Data supplied Start Marker
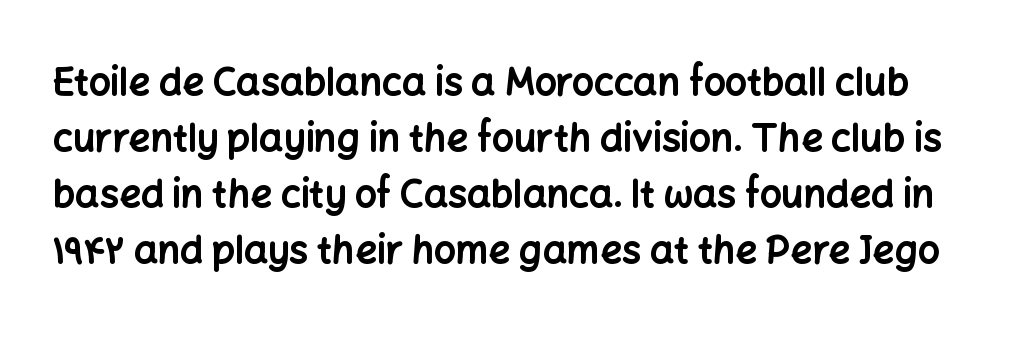
{"serif": "no", "italic": "no", "bold": "yes", "weight": "bold", "width": "normal", "stroke_contrast": "low", "x_height": "medium", "monospaced": "no", "underline": "no", "line_spacing": "normal", "line_spacing_ratio": 1.47, "letter_spacing": "normal", "letter_spacing_em": 0.0, "glyph_px": 38}
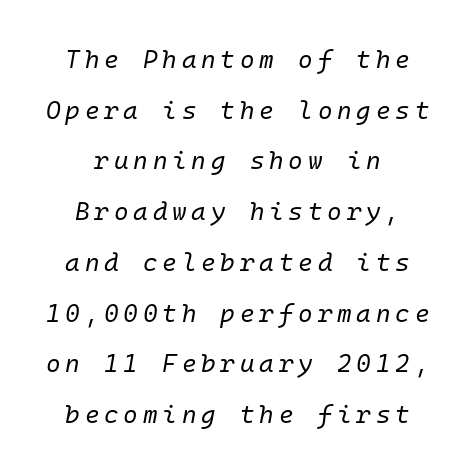
Q: Is the text bold? A: No.
Q: Is the text italic (slanted)? A: Yes, it leans right by about 10 degrees.
Q: Is the text underlined? A: No.
Q: How is the paragraph aligned? A: Centered.
Q: Is the spacing between lines tight, normal or loose? A: Loose.
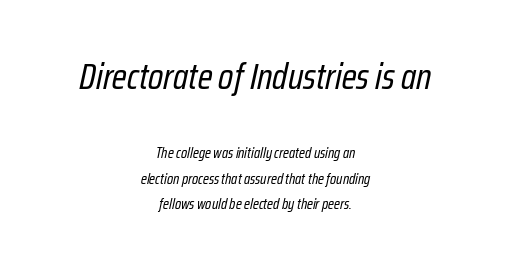
Q: Is the text bold? A: No.
Q: Is the text italic (slanted)? A: Yes, it leans right by about 12 degrees.
Q: Is the text underlined? A: No.
Q: How is the paragraph aligned? A: Centered.
Q: Is the spacing between letters normal or unusually wide? A: Normal.
Q: Which block of text is set in a larger size, the first (top) or the second (bottom)? A: The first (top) one.
Q: Width (condensed, normal, or wide)? A: Condensed.
Q: Stroke contrast? A: Low.
Q: x-height? A: Medium.
Q: Monospaced? A: No.
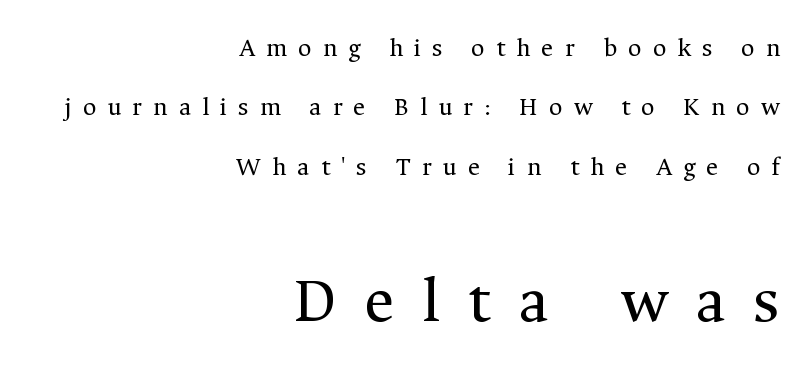
{"serif": "yes", "italic": "no", "bold": "no", "weight": "regular", "width": "normal", "stroke_contrast": "medium", "x_height": "medium", "monospaced": "no", "underline": "no", "align": "right", "line_spacing": "loose", "line_spacing_ratio": 2.28, "letter_spacing": "wide", "letter_spacing_em": 0.43, "larger_block": "second", "size_ratio": 2.5, "glyph_px": 65}
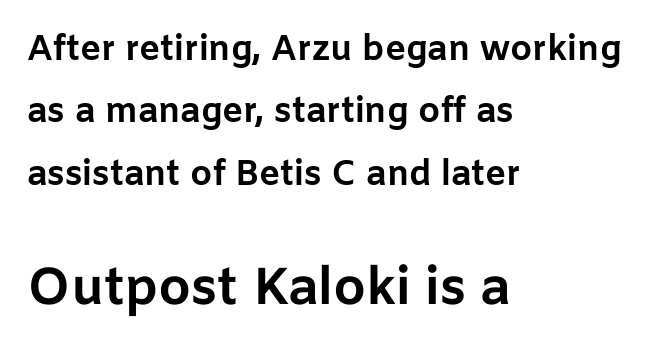
The image shows 52 px bold sans-serif type, upright; set left-aligned, line spacing 1.78x, normal letter spacing, not underlined; the second (bottom) block is 1.49x larger; low stroke contrast and a medium x-height.
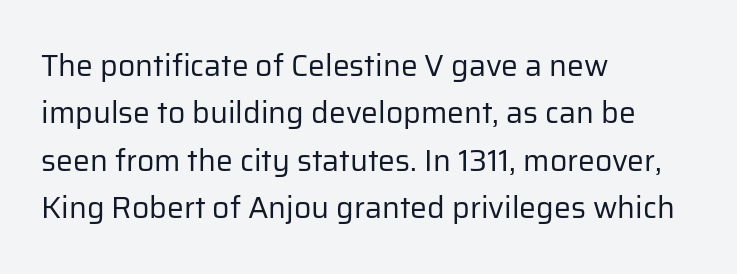
The image shows 30 px regular-weight sans-serif type, upright; set left-aligned, normal line spacing (1.58x), normal letter spacing, not underlined; low stroke contrast and a medium x-height.
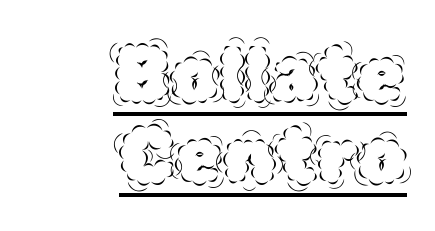
The image shows 77 px thin type, upright; set right-aligned, tight line spacing (1.05x), normal letter spacing, underlined; a large x-height.
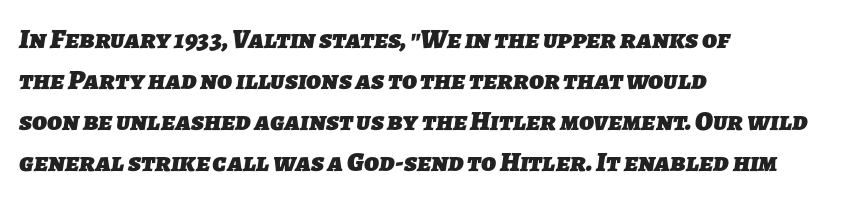
The image shows 28 px heavy sans-serif type; set left-aligned, normal line spacing (1.46x), normal letter spacing, not underlined; low stroke contrast and a medium x-height.
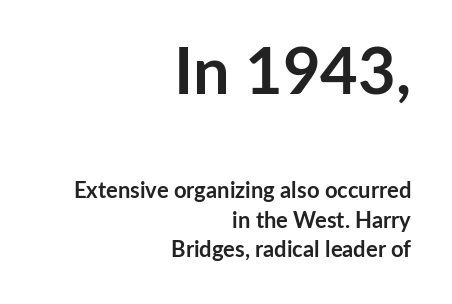
The setting favours the right margin, as signatures and pull-quotes sometimes do. These lines are rendered in a variable-pitch font. Descenders are the only things crossing below the line. Observe the absence of serifs on each vertical stroke in this sample. Stroke thickness is high; the sample reads as a true bold. A normal amount of white space separates one row of letters from the next.
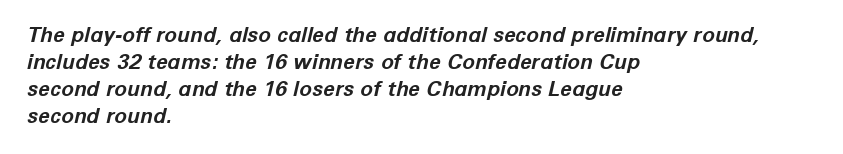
Data supplied End Marker
Work item:
Pictures are not part of the copy; output everything else in the records exactly.

Written response:
{"serif": "no", "italic": "no", "bold": "yes", "weight": "bold", "width": "normal", "stroke_contrast": "low", "x_height": "medium", "monospaced": "no", "underline": "no", "line_spacing": "normal", "line_spacing_ratio": 1.47, "letter_spacing": "normal", "letter_spacing_em": 0.0, "glyph_px": 38}
Q: Is the text bold? A: No.
Q: Is the text italic (slanted)? A: Yes, it leans right by about 10 degrees.
Q: Is the text underlined? A: No.
Q: How is the paragraph aligned? A: Centered.
Q: Is the spacing between lines tight, normal or loose? A: Loose.
Q: Is the text bold? A: No.
Q: Is the text italic (slanted)? A: Yes, it leans right by about 12 degrees.
Q: Is the text underlined? A: No.
Q: How is the paragraph aligned? A: Centered.
Q: Is the spacing between letters normal or unusually wide? A: Normal.
Q: Which block of text is set in a larger size, the first (top) or the second (bottom)? A: The first (top) one.
Q: Width (condensed, normal, or wide)? A: Condensed.
Q: Stroke contrast? A: Low.
Q: x-height? A: Medium.
Q: Monospaced? A: No.
{"serif": "yes", "italic": "no", "bold": "no", "weight": "regular", "width": "normal", "stroke_contrast": "medium", "x_height": "medium", "monospaced": "no", "underline": "no", "align": "right", "line_spacing": "loose", "line_spacing_ratio": 2.28, "letter_spacing": "wide", "letter_spacing_em": 0.43, "larger_block": "second", "size_ratio": 2.5, "glyph_px": 65}
The image shows 52 px bold sans-serif type, upright; set left-aligned, line spacing 1.78x, normal letter spacing, not underlined; the second (bottom) block is 1.49x larger; low stroke contrast and a medium x-height.
The image shows 30 px regular-weight sans-serif type, upright; set left-aligned, normal line spacing (1.58x), normal letter spacing, not underlined; low stroke contrast and a medium x-height.
The image shows 77 px thin type, upright; set right-aligned, tight line spacing (1.05x), normal letter spacing, underlined; a large x-height.
The image shows 28 px heavy sans-serif type; set left-aligned, normal line spacing (1.46x), normal letter spacing, not underlined; low stroke contrast and a medium x-height.
The setting favours the right margin, as signatures and pull-quotes sometimes do. These lines are rendered in a variable-pitch font. Descenders are the only things crossing below the line. Observe the absence of serifs on each vertical stroke in this sample. Stroke thickness is high; the sample reads as a true bold. A normal amount of white space separates one row of letters from the next.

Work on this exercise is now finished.